Sembrando mejor sobre el campo arado por el anterior juicio político, el Gobierno sigue arrasando las posiciones del menemismo. El menemismo... Y pensar que hace diez años eso fue la locura de muchos argentinos. Ese esperpento al que le cuesta coordinar sujeto, verbo y predicado de corrido con cierta pertinencia presidió el máximo tribunal del país. Otros ignorantes, navegando sobre una burbuja de estabilidad destruían la economía nacional. Y una perversa ejemplaridad se cimentaba desde el poder público. Duró diez años, fue una pesadilla, especialmente por el aval que colectó en los votantes, en los ciudadanos de a pie, en cenáculos culturales y universitarios, en técnicos de surtidos pelajes.

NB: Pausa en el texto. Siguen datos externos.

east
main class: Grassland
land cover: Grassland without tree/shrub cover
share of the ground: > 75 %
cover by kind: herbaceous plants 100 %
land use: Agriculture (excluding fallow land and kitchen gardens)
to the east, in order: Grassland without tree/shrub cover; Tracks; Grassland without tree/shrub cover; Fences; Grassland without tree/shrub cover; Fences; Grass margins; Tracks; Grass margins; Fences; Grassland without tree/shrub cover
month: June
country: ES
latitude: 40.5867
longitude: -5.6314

Carlos Menem ejercitó el poder con mano firme e hizo sentir su hegemonía cultural y política. Desde que él dejó la Casa Rosada y hasta que la ocupó el patagónico, nadie fue tan firme en sus convicciones y tan decidido para imponerlas. Como Menem, está dispuesto a barrer a quien se le ponga en el camino. Dos datos esenciales lo diferencian. El primero (al menos por ahora) es que intenta apegarse a la ley. El segundo es que su proyecto es bien distinto, sin exagerar, hasta antagónico del que arrasó este país.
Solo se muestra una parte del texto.